There are several free walking groups that use Island Trails, a system of two dozen hiking/cycling trails across the Island maintained by volunteers. Its website lists trail conditions and has handy maps and a list of heritage roads that are also nice for winter recreation.
Several informal hiking groups gather weekly at the parking lot in front of the Charlottetown Indigo bookstore. Wednesdays and Saturdays a group gathers at 8:25 a.m., and Thursdays there is a group hike at Winter River — meet at the trailhead and be ready to leave at 9 a.m. Keep an eye on Island Trails’ Facebook Page.
“It’s a great way to stay active and energized, we like it when it’s cool and crisp, and there are no bugs,” said Bryson Guptill, an avid hiker who’s on the board of Island Trails. “Even when the trail is icy we put grippers on our hiking boots.”

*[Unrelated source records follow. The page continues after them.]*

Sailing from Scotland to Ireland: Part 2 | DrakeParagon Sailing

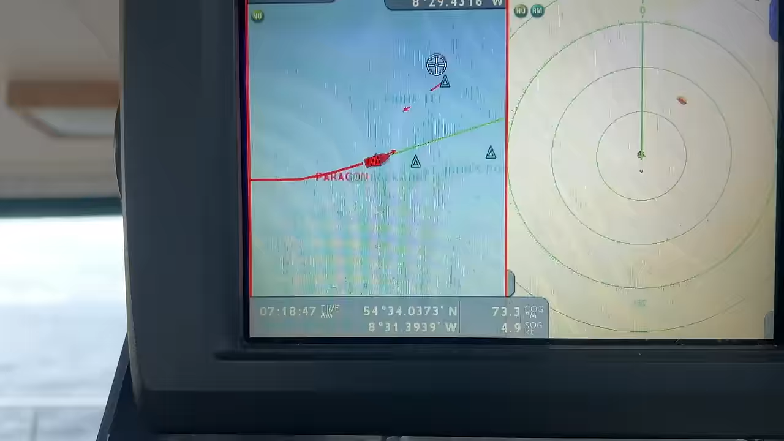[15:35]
what do we got here closest point of approach will be just over half a mile
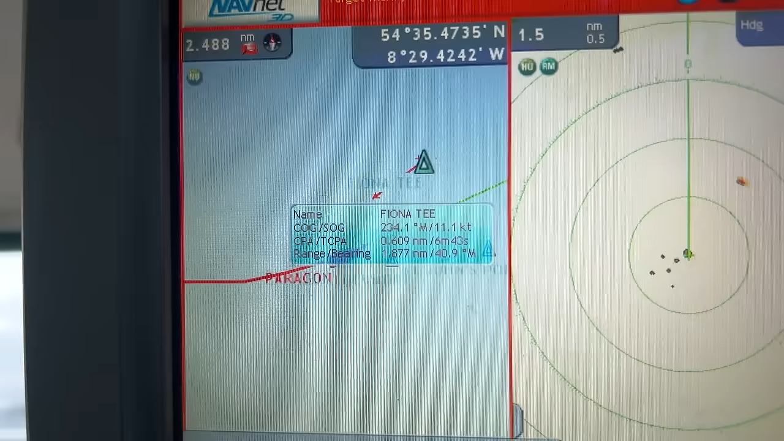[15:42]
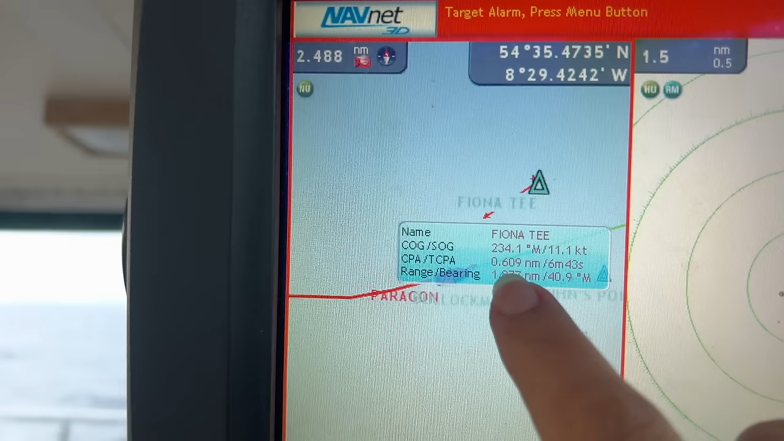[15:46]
right there and they're speeding up 11.1 knots is he going to cross our bow
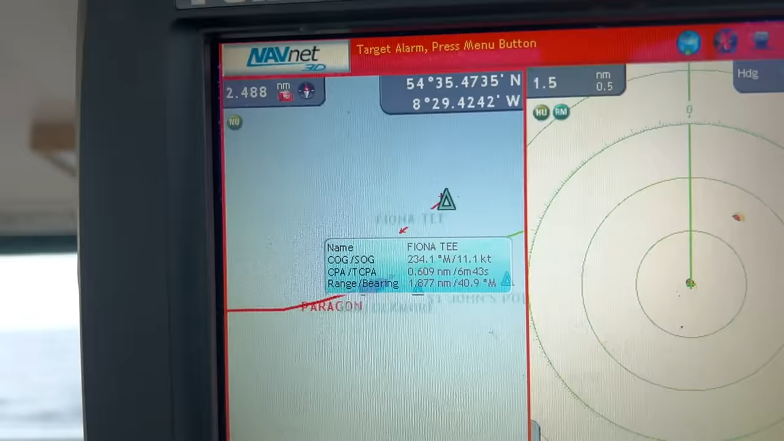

“The weather has to be very bad for us not to go!” he enthused. His top tip: dress in layers so you can peel some off when you get warmed up.
When the snow gets too deep for walking, Guptill said hikers don snowshoes instead.
P.E.I.’s only ski hill is at Brookvale Provincial Park, which features a quad chairlift and ski and snowboard lessons available. Just two minutes down the road, the park maintains an extensive network of groomed cross-country ski trails for all skill levels through beautiful countryside and a cosy nordic lodge to change.
Have your own cross-country skis? Charlottetown maintains groomed ski trails at Victoria Park and Belvedere Golf Course for public use. Ski trail maps are available at the Parks and Recreation Department at City Hall.
In Summerside, Heather Moyse Park and Rotary Friendship park are both groomed for free snowshoeing and cross-country skiing.
The City of Charlottetown offers free snowshoeing in Victoria Park again this winter, snow conditions permitting. There’s a big demand for the free snowshoes, available from 2 to 4 p.m., so get there early.
Summerside also offers free snowshoeing rentals at Credit Union Place — a $10 deposit is refunded when you return them.
Have your own snowshoes? Hit the trails at the P.E.I. National Park, which are not groomed or cleared, but some parking areas are plowed. Find a list of the park’s trails online here. And when the snow gets deep on the Island Trails network, hikers switch to snowshoes. See above for group outings.
Cycling, especially on big-wheeled fatbikes, is popular this winter. Check out group rides and events on Facebook at The Fat Load; fat tire riders of PEI.
Cyclists use the “Plan B” trails in Bonshaw, the Winter River trail and the Riverside trail in East Royalty, past the French school in Charlottetown, and more.
Bruce MacPherson is an enthusiast who is out on his fatbike “every day the weather permits — there are days lately that the trails are too soft.”
“Often people will go with lights at night if they can’t get out during the day,” he shared.
Did you know there’s also tubing hill at Brookvale? Use the hill for free or rent a tube and helmet at the nordic lodge for $5.50 plus tax.
You’ll get plenty of exercise walking back up the hill.
Besides a plethora of ponds across the Island, the cities of Charlottetown and Summerside also have ice surfaces available for residents to use for free.
Skaters of all ages in Charlottetown are required to wear helmets.
Summerside offers free skate and helmet rentals at Credit Union Place, and three outdoor rinks: Green’s Shore on Water Street, Queen Elizabeth Park’s Oval and at the soccer turfs by Credit Union Place.